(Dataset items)
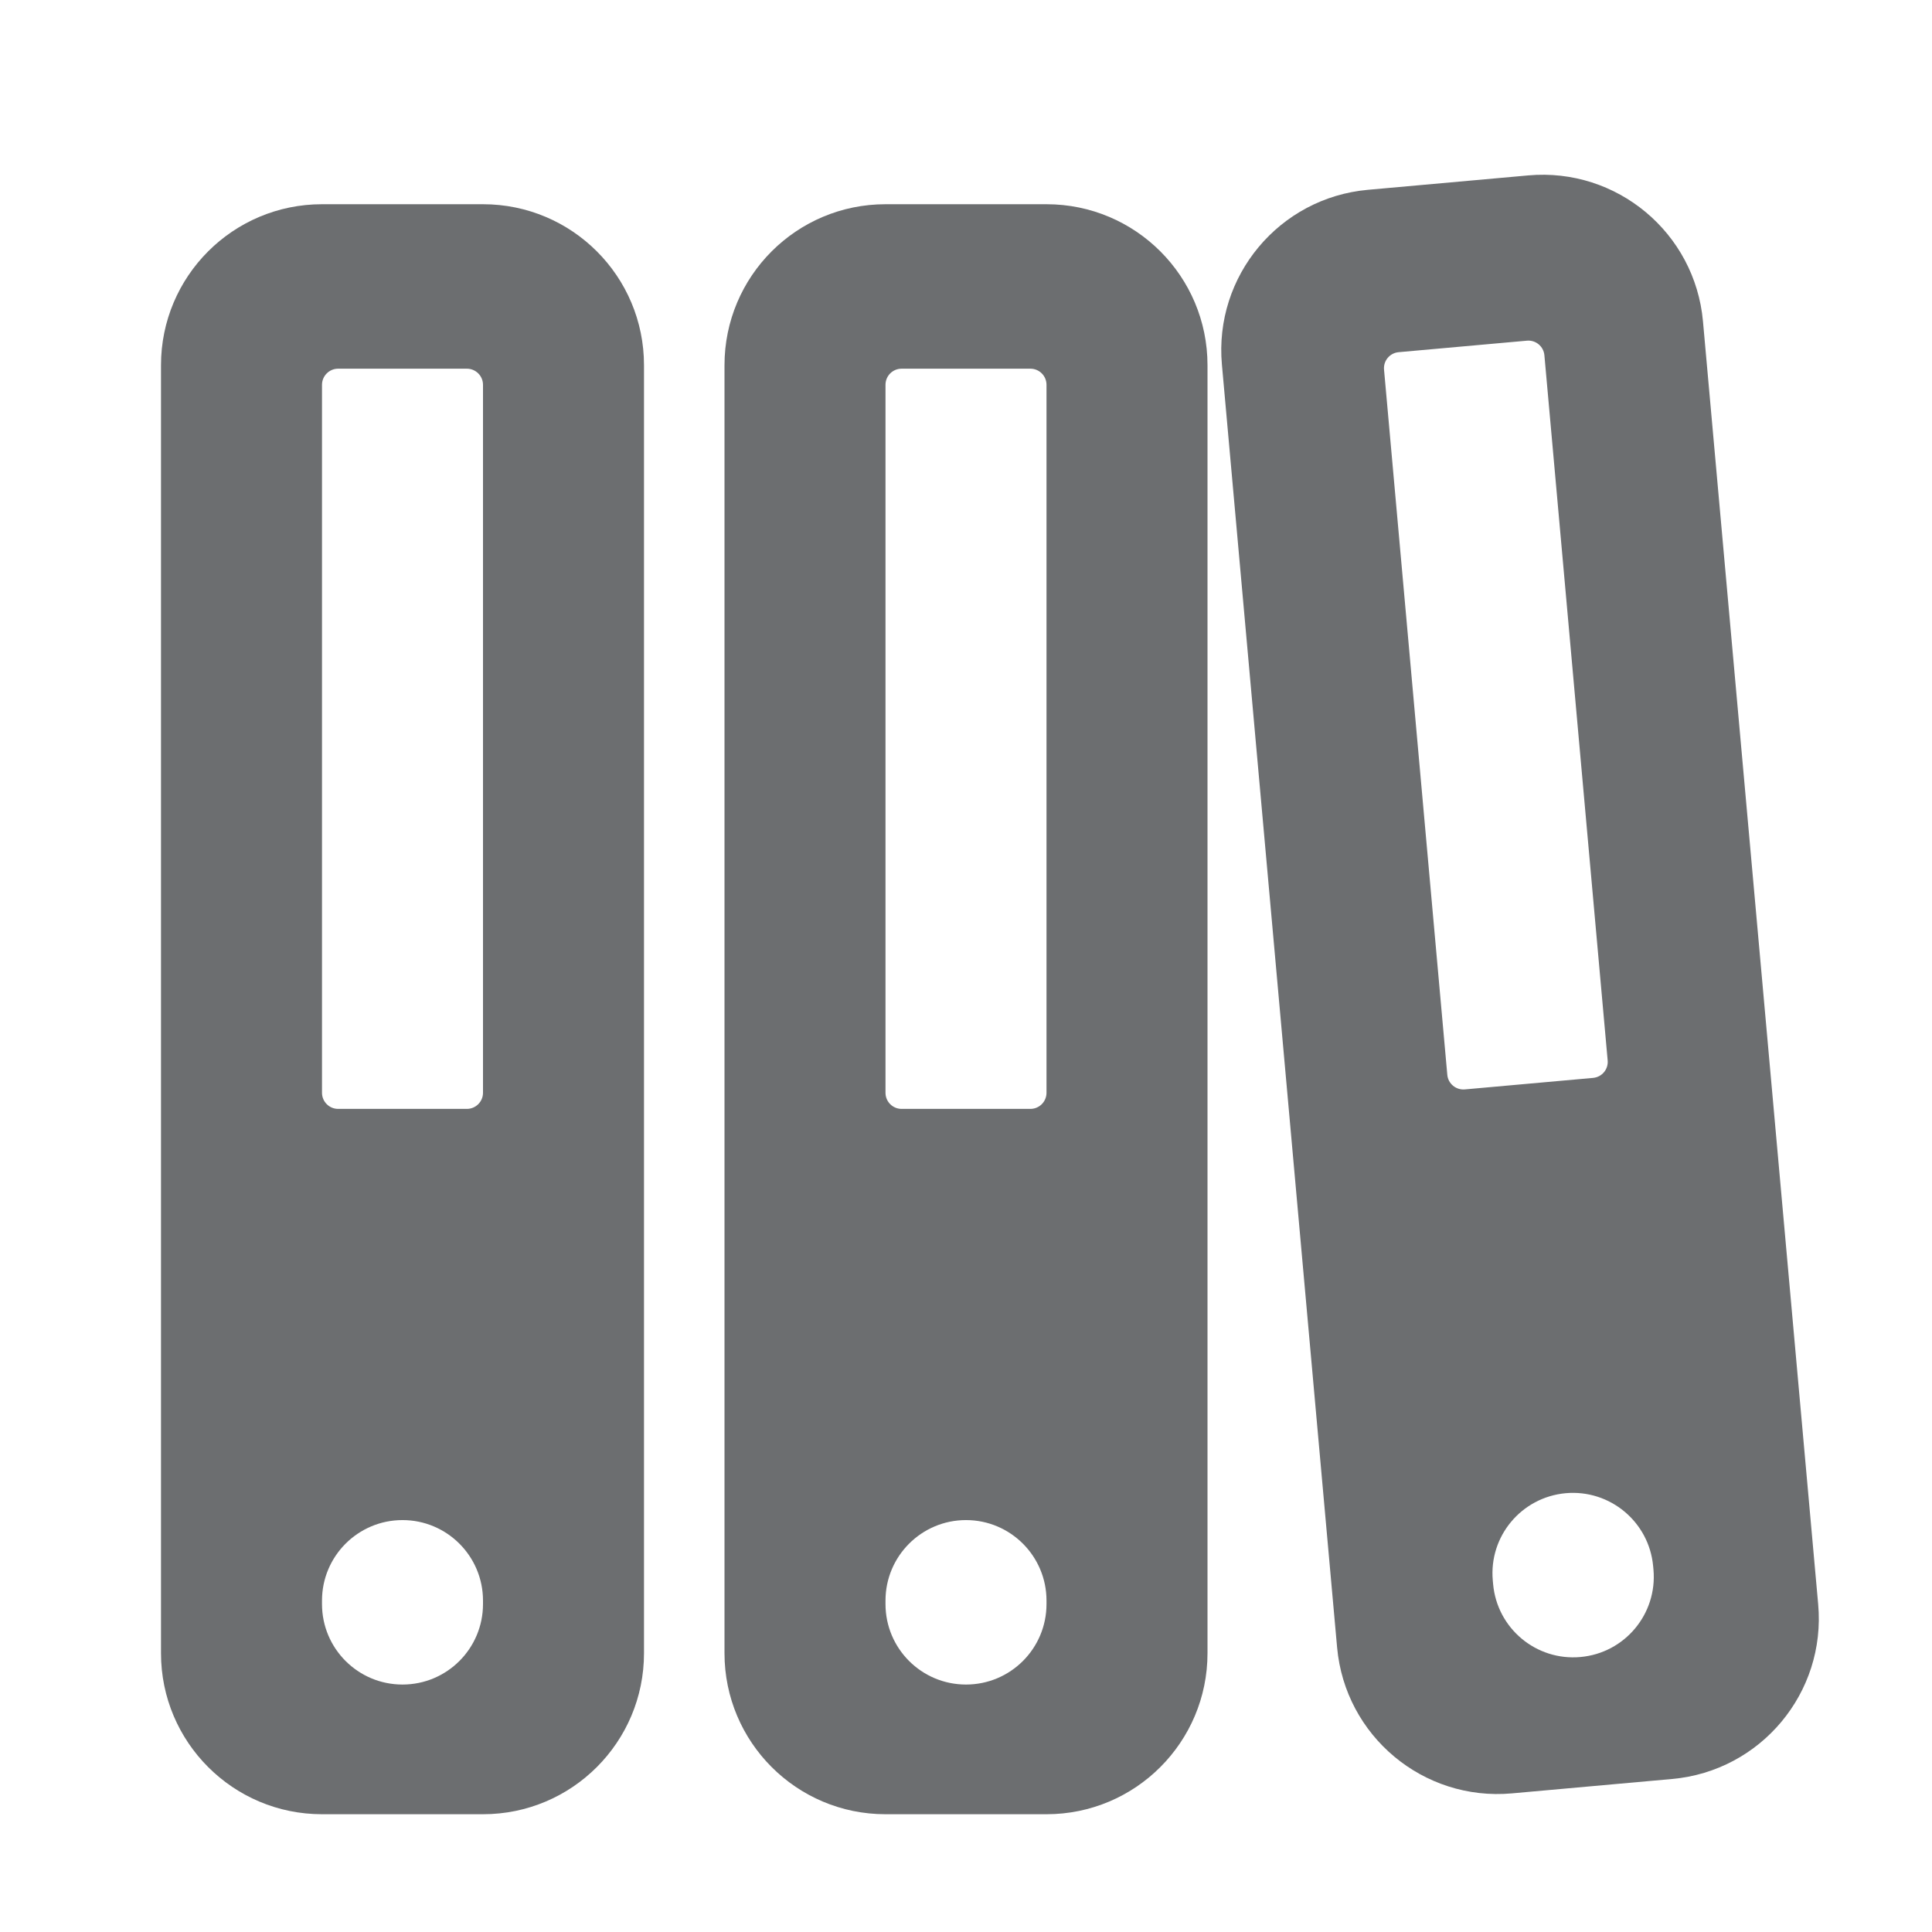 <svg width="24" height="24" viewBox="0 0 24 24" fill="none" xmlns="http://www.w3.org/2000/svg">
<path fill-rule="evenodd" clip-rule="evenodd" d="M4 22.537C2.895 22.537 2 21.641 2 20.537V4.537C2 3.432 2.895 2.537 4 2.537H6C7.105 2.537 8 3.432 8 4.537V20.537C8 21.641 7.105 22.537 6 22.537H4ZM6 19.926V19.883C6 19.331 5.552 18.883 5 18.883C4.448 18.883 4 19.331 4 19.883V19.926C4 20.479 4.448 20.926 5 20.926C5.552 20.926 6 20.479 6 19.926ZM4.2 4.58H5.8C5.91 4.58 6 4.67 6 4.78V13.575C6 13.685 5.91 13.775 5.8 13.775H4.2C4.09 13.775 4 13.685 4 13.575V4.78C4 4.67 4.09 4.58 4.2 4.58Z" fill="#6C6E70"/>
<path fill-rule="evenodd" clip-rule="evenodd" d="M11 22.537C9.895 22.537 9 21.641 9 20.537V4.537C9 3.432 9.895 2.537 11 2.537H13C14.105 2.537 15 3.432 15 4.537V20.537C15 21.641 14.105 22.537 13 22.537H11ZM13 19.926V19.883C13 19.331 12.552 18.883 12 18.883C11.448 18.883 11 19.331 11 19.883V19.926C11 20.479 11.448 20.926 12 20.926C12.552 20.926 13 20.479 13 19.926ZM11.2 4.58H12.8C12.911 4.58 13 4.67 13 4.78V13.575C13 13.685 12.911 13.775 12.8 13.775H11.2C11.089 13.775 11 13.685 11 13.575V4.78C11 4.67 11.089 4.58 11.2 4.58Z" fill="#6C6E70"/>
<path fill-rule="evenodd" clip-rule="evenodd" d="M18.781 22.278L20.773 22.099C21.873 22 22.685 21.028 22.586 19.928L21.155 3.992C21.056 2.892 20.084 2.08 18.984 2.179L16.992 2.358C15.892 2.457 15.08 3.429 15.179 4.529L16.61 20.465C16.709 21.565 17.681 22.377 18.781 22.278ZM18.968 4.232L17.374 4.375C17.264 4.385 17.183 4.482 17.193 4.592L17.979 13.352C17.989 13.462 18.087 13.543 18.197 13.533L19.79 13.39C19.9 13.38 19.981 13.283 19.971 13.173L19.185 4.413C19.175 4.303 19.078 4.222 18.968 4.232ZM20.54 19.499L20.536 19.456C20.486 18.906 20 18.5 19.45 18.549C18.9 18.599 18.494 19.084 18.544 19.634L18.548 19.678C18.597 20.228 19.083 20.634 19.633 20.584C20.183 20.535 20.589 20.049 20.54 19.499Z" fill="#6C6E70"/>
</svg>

- **Activity**: Your task is to list each line of the records with the word "evenodd".

- **Problem solution**:
<path fill-rule="evenodd" clip-rule="evenodd" d="M4 22.537C2.895 22.537 2 21.641 2 20.537V4.537C2 3.432 2.895 2.537 4 2.537H6C7.105 2.537 8 3.432 8 4.537V20.537C8 21.641 7.105 22.537 6 22.537H4ZM6 19.926V19.883C6 19.331 5.552 18.883 5 18.883C4.448 18.883 4 19.331 4 19.883V19.926C4 20.479 4.448 20.926 5 20.926C5.552 20.926 6 20.479 6 19.926ZM4.2 4.58H5.8C5.91 4.58 6 4.67 6 4.78V13.575C6 13.685 5.91 13.775 5.8 13.775H4.2C4.09 13.775 4 13.685 4 13.575V4.78C4 4.67 4.09 4.58 4.2 4.58Z" fill="#6C6E70"/>
<path fill-rule="evenodd" clip-rule="evenodd" d="M11 22.537C9.895 22.537 9 21.641 9 20.537V4.537C9 3.432 9.895 2.537 11 2.537H13C14.105 2.537 15 3.432 15 4.537V20.537C15 21.641 14.105 22.537 13 22.537H11ZM13 19.926V19.883C13 19.331 12.552 18.883 12 18.883C11.448 18.883 11 19.331 11 19.883V19.926C11 20.479 11.448 20.926 12 20.926C12.552 20.926 13 20.479 13 19.926ZM11.2 4.58H12.8C12.911 4.58 13 4.67 13 4.78V13.575C13 13.685 12.911 13.775 12.8 13.775H11.2C11.089 13.775 11 13.685 11 13.575V4.78C11 4.67 11.089 4.58 11.2 4.58Z" fill="#6C6E70"/>
<path fill-rule="evenodd" clip-rule="evenodd" d="M18.781 22.278L20.773 22.099C21.873 22 22.685 21.028 22.586 19.928L21.155 3.992C21.056 2.892 20.084 2.08 18.984 2.179L16.992 2.358C15.892 2.457 15.08 3.429 15.179 4.529L16.61 20.465C16.709 21.565 17.681 22.377 18.781 22.278ZM18.968 4.232L17.374 4.375C17.264 4.385 17.183 4.482 17.193 4.592L17.979 13.352C17.989 13.462 18.087 13.543 18.197 13.533L19.79 13.39C19.9 13.38 19.981 13.283 19.971 13.173L19.185 4.413C19.175 4.303 19.078 4.222 18.968 4.232ZM20.54 19.499L20.536 19.456C20.486 18.906 20 18.5 19.45 18.549C18.9 18.599 18.494 19.084 18.544 19.634L18.548 19.678C18.597 20.228 19.083 20.634 19.633 20.584C20.183 20.535 20.589 20.049 20.54 19.499Z" fill="#6C6E70"/>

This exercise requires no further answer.